Each record that follows is to be transcribed exactly, excluding its images.

Records for this task: Begin

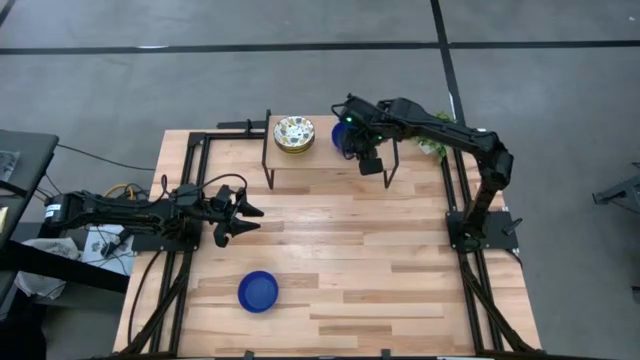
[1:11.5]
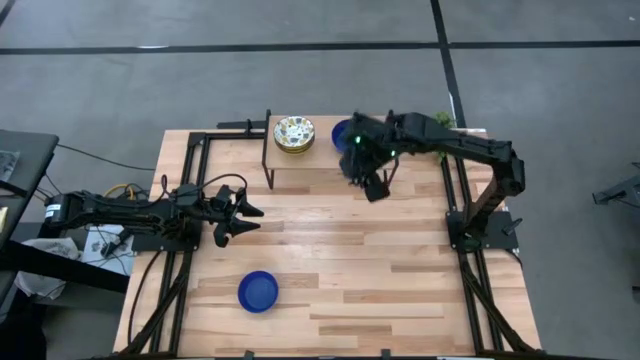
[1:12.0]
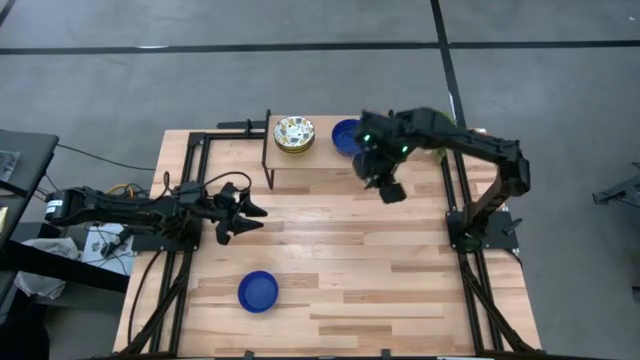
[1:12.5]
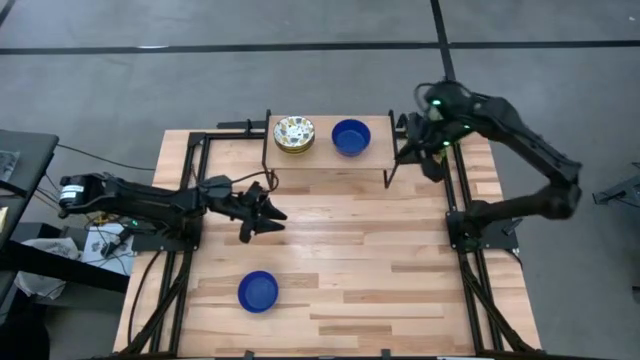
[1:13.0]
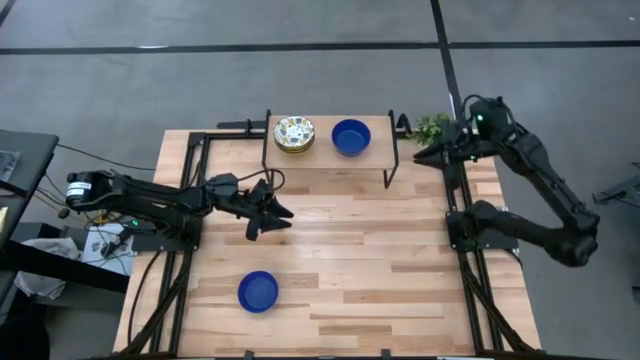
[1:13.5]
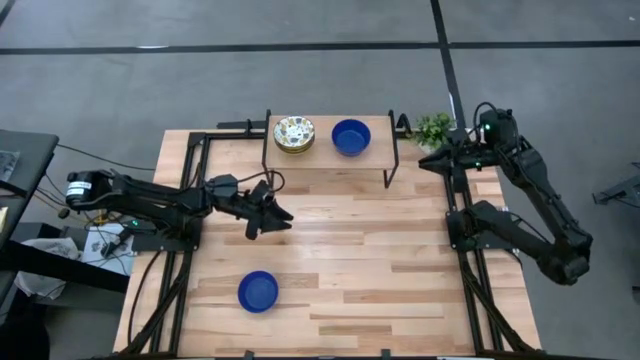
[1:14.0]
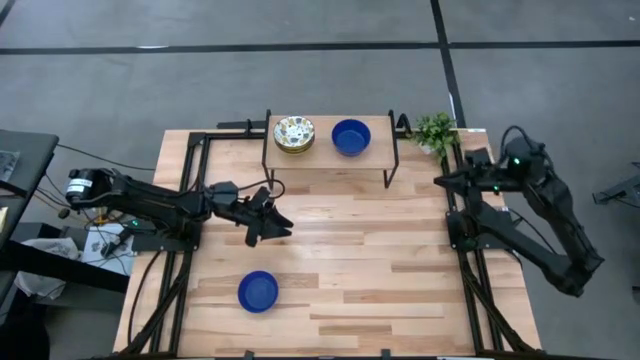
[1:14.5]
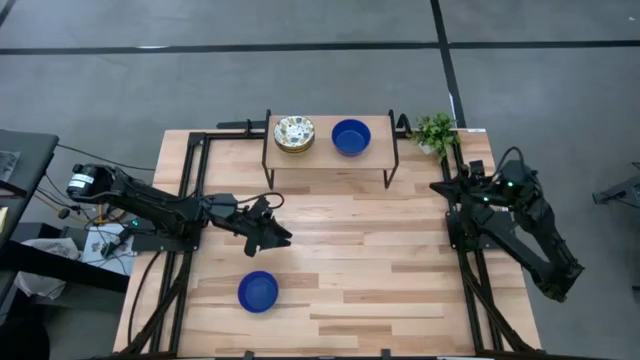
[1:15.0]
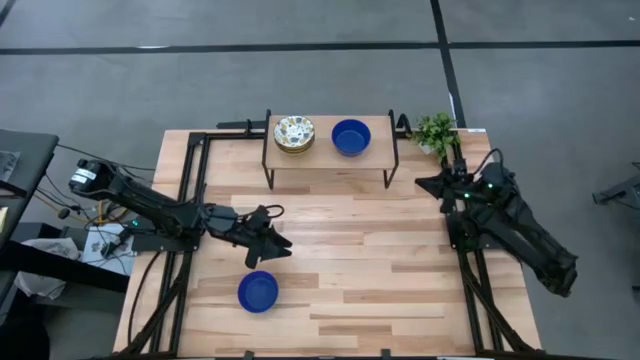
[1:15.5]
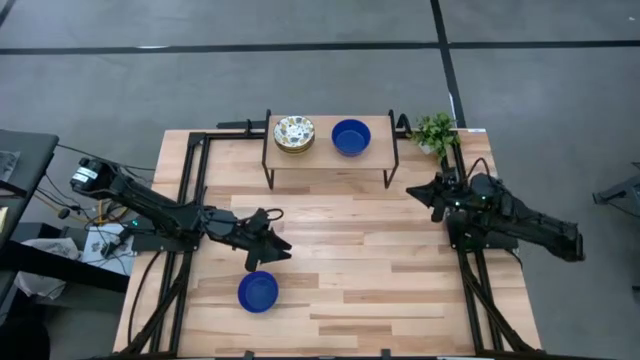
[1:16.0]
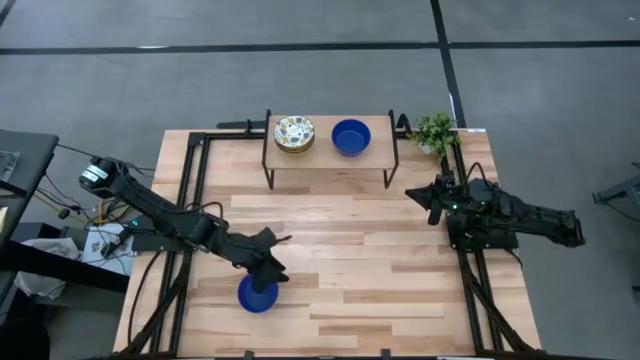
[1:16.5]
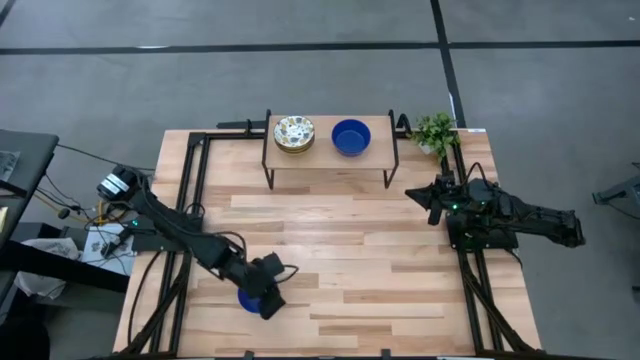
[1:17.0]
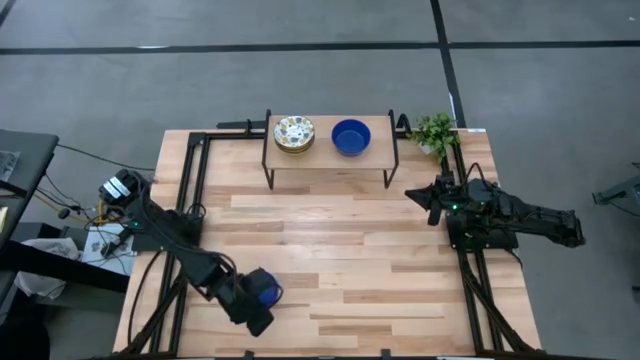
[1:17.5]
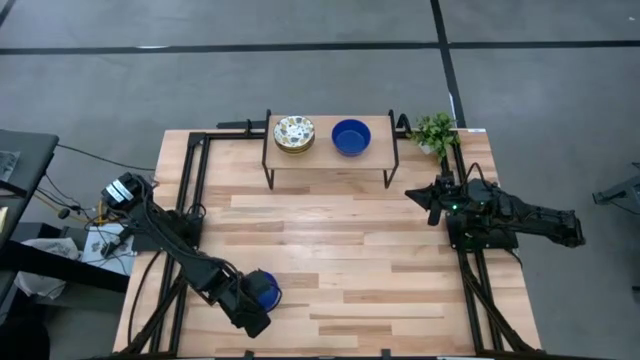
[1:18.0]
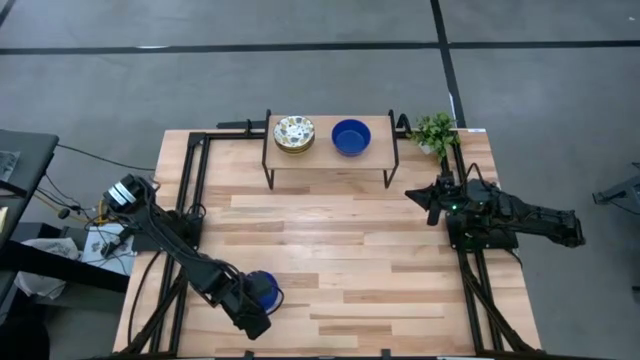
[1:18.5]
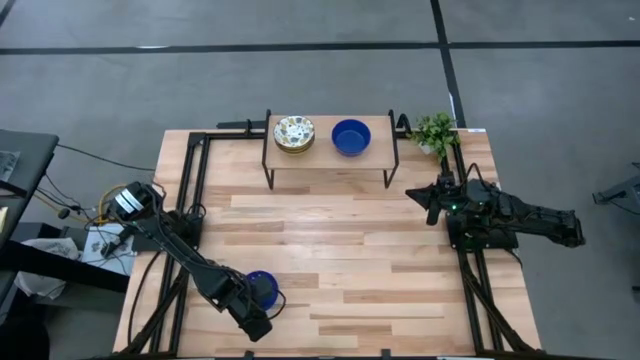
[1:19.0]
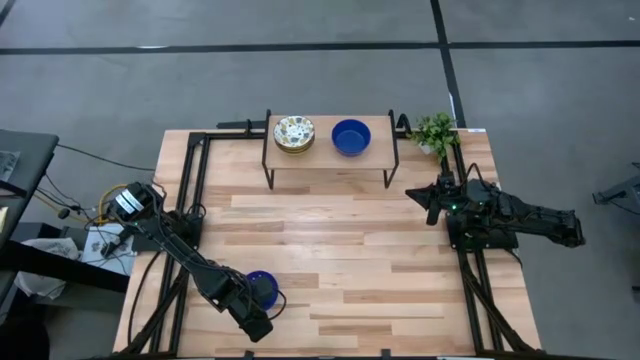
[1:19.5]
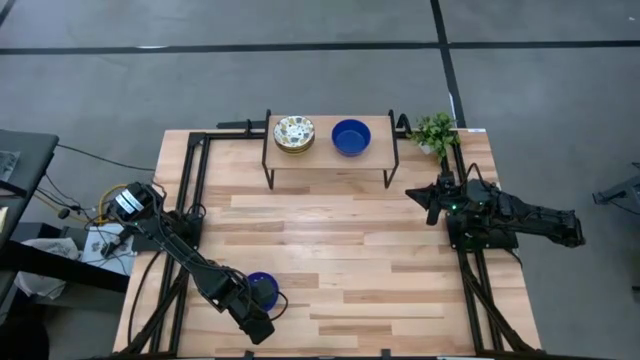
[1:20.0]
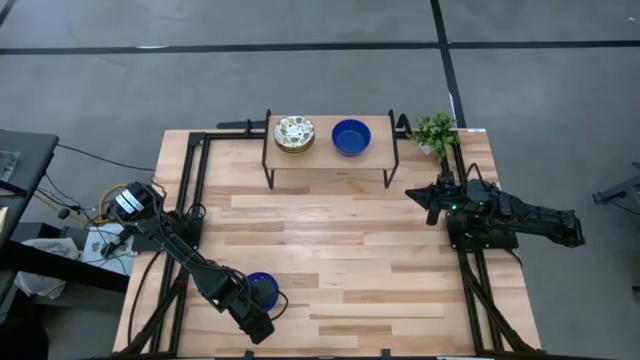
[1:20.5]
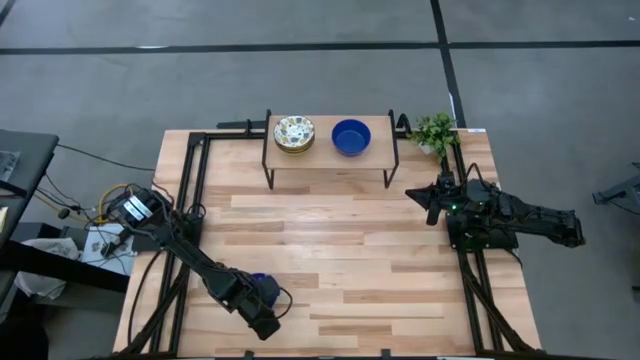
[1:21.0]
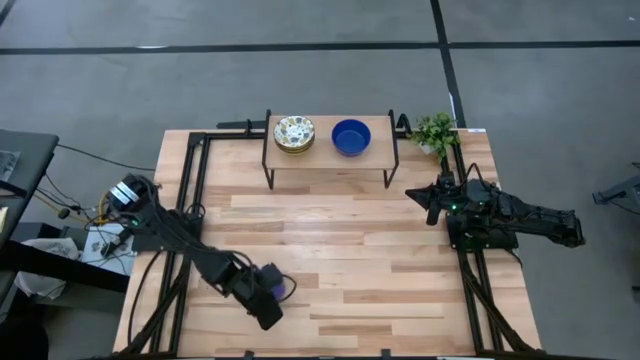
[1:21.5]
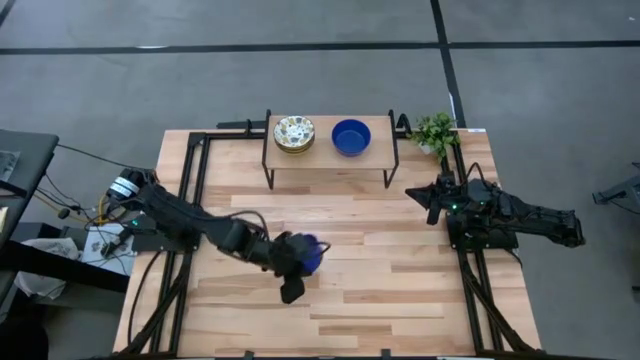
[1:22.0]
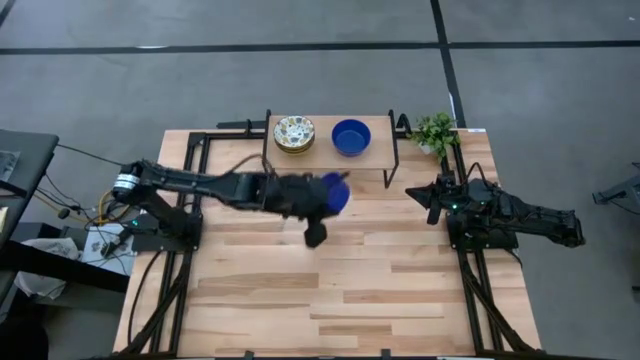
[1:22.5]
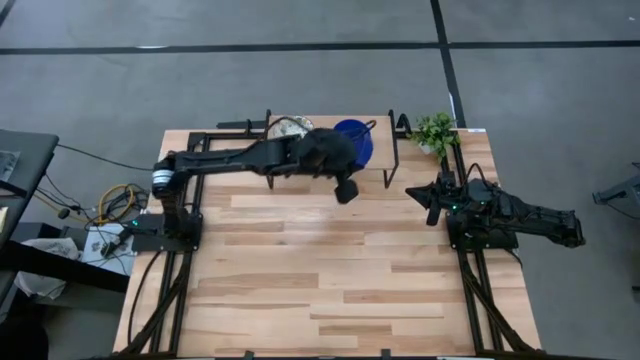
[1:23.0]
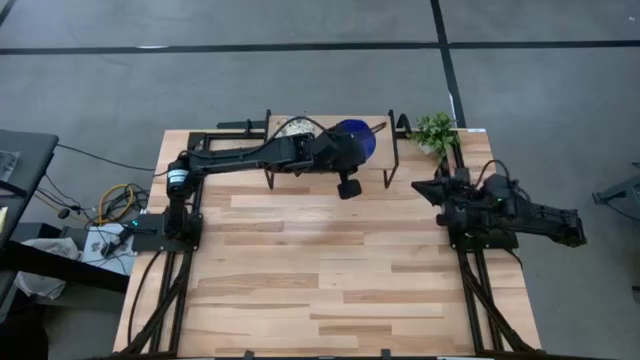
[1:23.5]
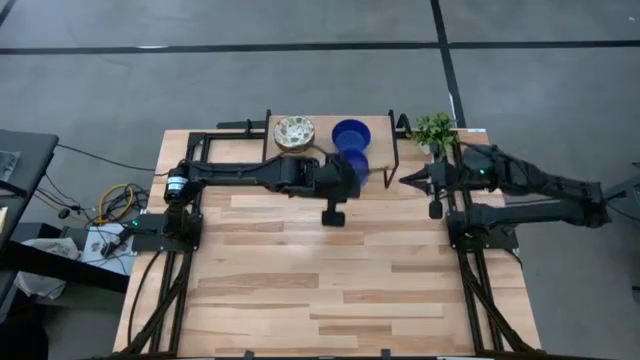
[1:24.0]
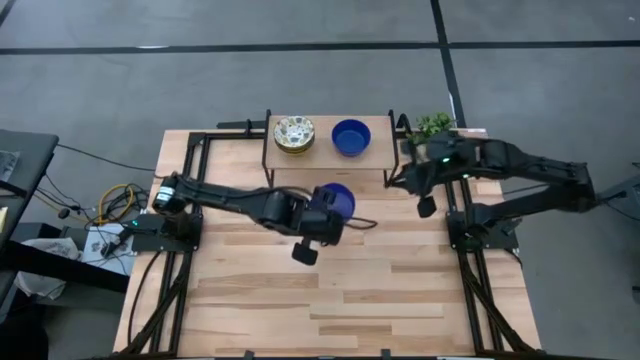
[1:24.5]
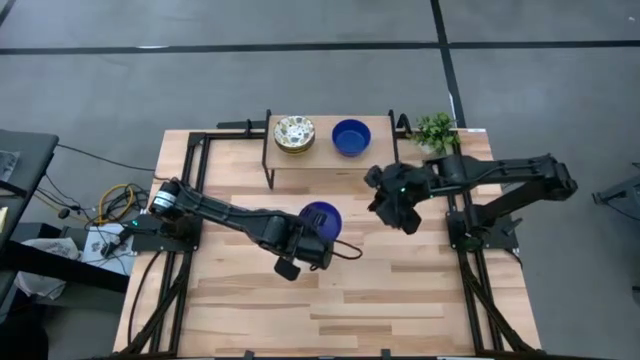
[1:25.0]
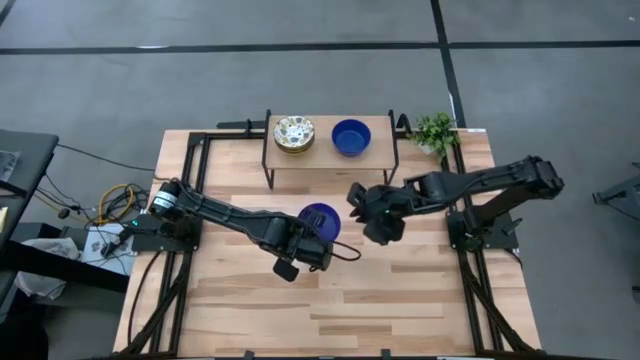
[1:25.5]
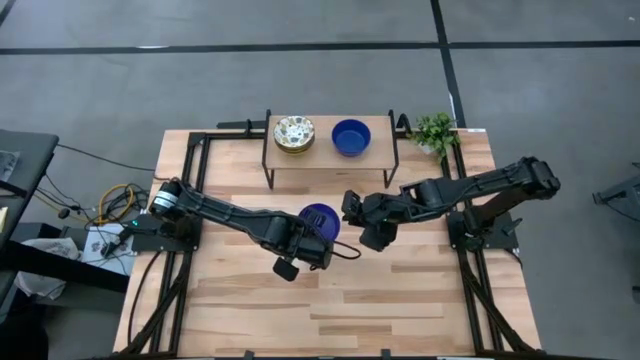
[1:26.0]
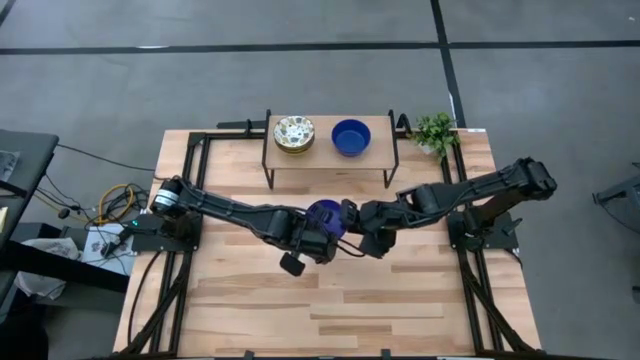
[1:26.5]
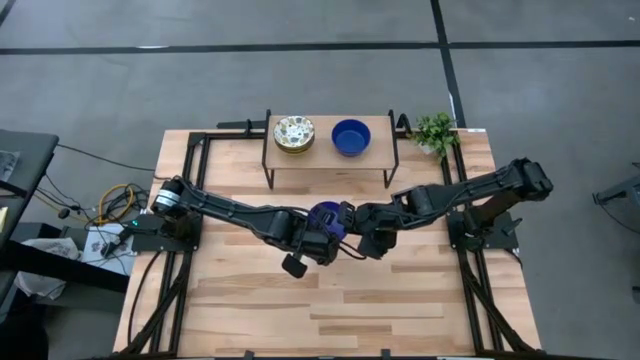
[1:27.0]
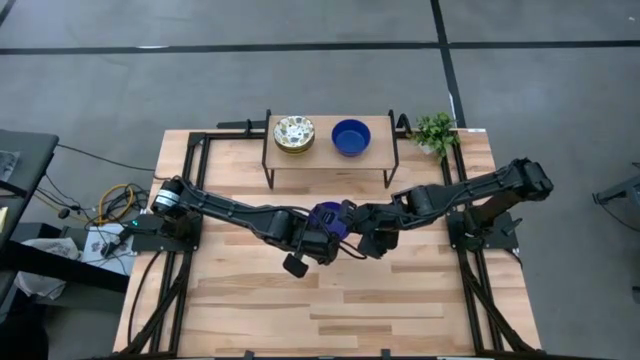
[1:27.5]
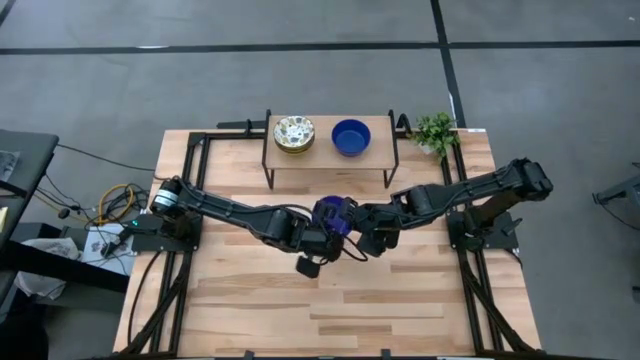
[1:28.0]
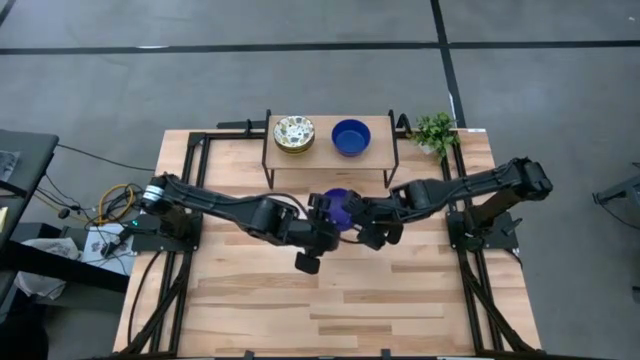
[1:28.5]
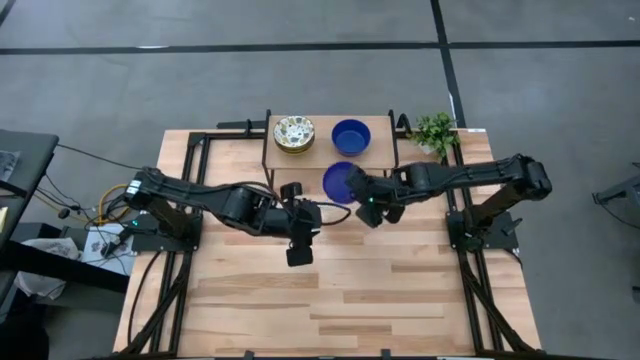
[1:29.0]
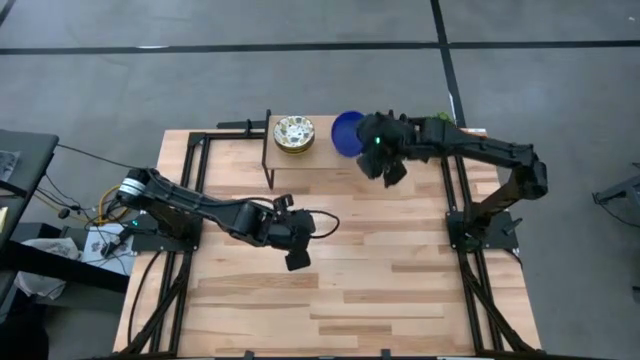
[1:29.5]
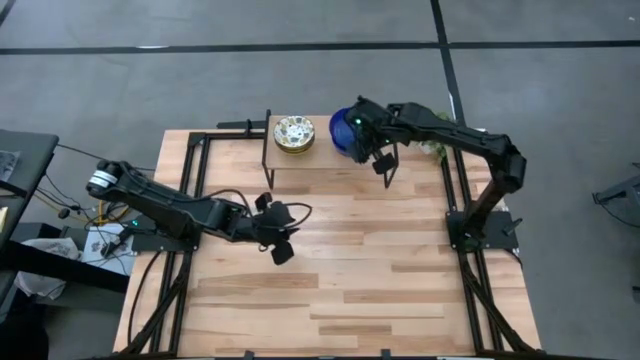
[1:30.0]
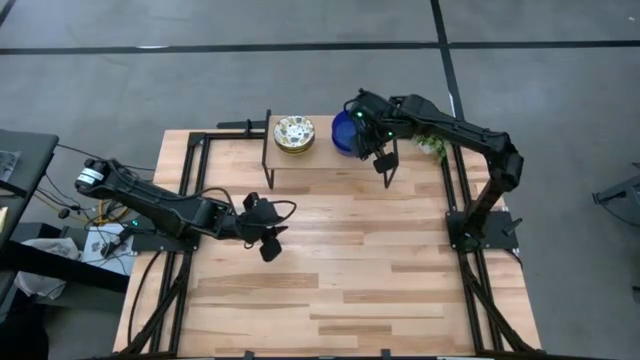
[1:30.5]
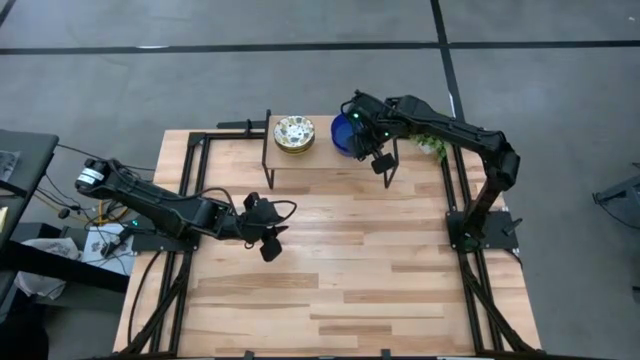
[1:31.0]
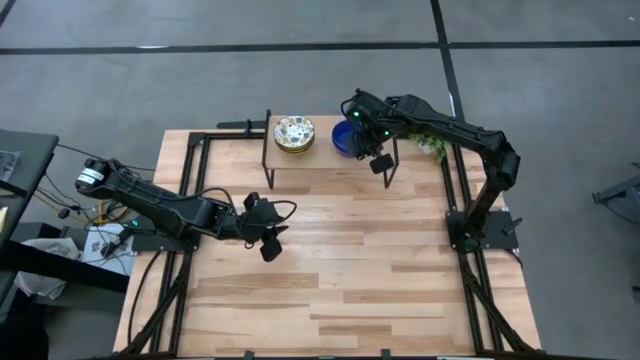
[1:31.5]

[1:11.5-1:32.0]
Task: Pick & Place Mini bowls
Stack the blue bowl on top of the blue bowl on the shelf

Records for this task: End

◆ Worked solution
[1:11.5]
[1:12.0]
[1:12.5]
[1:13.0]
[1:13.5]
[1:14.0]
[1:14.5]
[1:15.0]
[1:15.5]
[1:16.0]
[1:16.5]
[1:17.0]
[1:17.5]
[1:18.0]
[1:18.5]
[1:19.0]
[1:19.5]
[1:20.0]
[1:20.5]
[1:21.0]
[1:21.5]
[1:22.0]
[1:22.5]
[1:23.0]
[1:23.5]
[1:24.0]
[1:24.5]
[1:25.0]
[1:25.5]
[1:26.0]
[1:26.5]
[1:27.0]
[1:27.5]
[1:28.0]
[1:28.5]
[1:29.0]
[1:29.5]
[1:30.0]
[1:30.5]
[1:31.0]
[1:31.5]

[1:11.5-1:32.0]
Task: Pick & Place Mini bowls
Stack the blue bowl on top of the blue bowl on the shelf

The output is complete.